***** Data for processing

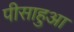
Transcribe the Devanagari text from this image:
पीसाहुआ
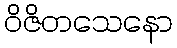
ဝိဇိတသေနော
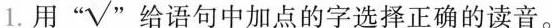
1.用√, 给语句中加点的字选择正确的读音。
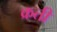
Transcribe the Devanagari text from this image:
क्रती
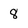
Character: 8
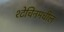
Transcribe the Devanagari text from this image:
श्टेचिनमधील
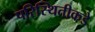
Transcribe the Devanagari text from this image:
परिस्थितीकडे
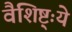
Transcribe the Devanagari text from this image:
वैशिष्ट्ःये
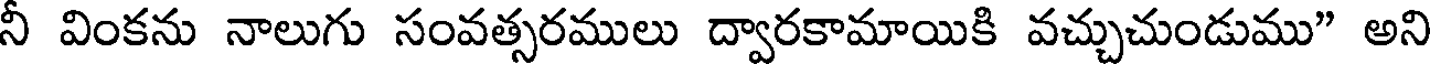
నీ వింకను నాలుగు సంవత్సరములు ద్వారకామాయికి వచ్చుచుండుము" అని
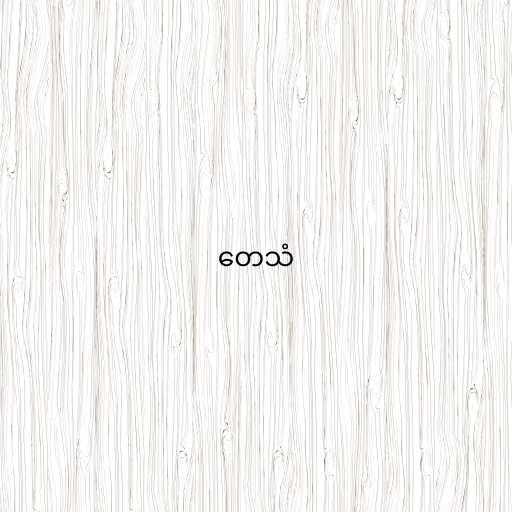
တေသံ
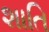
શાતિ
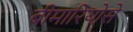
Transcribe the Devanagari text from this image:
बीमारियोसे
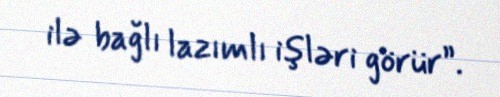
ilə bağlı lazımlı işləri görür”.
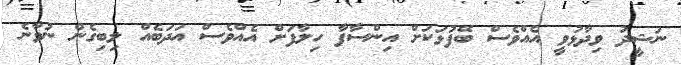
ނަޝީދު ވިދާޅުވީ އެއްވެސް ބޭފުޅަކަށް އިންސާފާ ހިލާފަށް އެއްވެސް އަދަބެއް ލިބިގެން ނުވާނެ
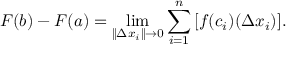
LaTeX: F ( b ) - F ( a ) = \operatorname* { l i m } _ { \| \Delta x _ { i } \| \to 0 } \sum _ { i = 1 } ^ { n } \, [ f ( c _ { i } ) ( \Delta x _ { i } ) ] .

**********
***** Data for processing

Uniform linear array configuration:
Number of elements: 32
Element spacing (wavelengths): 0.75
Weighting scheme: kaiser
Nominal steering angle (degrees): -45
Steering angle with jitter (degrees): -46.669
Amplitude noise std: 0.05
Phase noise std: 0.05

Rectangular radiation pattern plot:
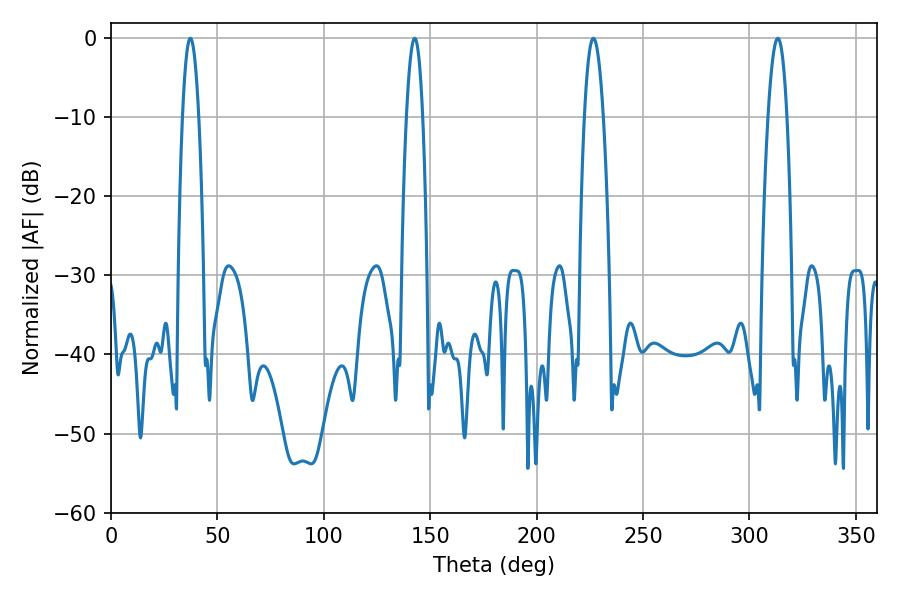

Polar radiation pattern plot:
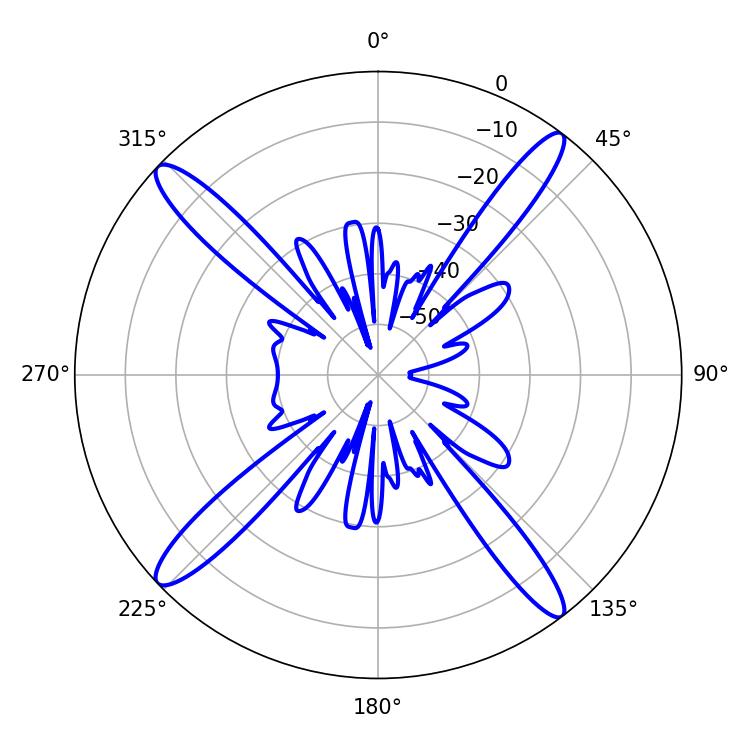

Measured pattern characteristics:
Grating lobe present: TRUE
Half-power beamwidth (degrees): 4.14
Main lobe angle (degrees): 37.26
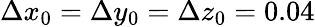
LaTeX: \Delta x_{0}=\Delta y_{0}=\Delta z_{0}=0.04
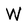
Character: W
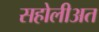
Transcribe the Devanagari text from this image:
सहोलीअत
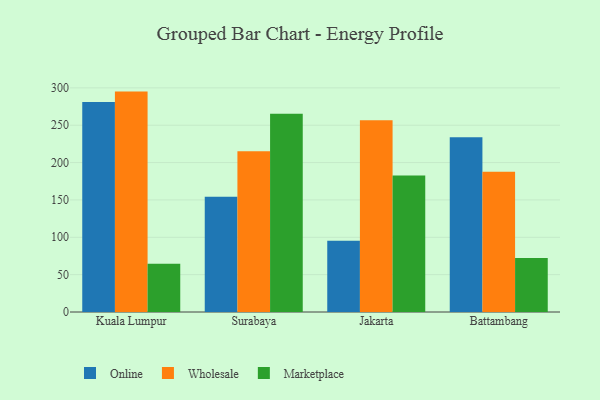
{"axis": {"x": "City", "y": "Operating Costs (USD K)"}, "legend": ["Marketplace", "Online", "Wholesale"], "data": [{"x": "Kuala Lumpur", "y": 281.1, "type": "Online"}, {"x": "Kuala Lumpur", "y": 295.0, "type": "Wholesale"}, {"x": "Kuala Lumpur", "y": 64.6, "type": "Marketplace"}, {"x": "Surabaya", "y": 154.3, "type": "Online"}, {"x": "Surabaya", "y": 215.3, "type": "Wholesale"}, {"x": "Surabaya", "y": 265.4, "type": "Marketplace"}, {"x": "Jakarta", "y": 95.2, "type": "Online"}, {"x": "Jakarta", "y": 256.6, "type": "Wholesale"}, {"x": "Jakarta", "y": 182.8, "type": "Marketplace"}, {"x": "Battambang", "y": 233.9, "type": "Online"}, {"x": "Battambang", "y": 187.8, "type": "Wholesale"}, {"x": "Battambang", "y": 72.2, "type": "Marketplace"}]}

**********

### [Your instructions]
Copy out each line of the entries above that holds "pattern".

### [Result]
Rectangular radiation pattern plot:
Polar radiation pattern plot:
Measured pattern characteristics:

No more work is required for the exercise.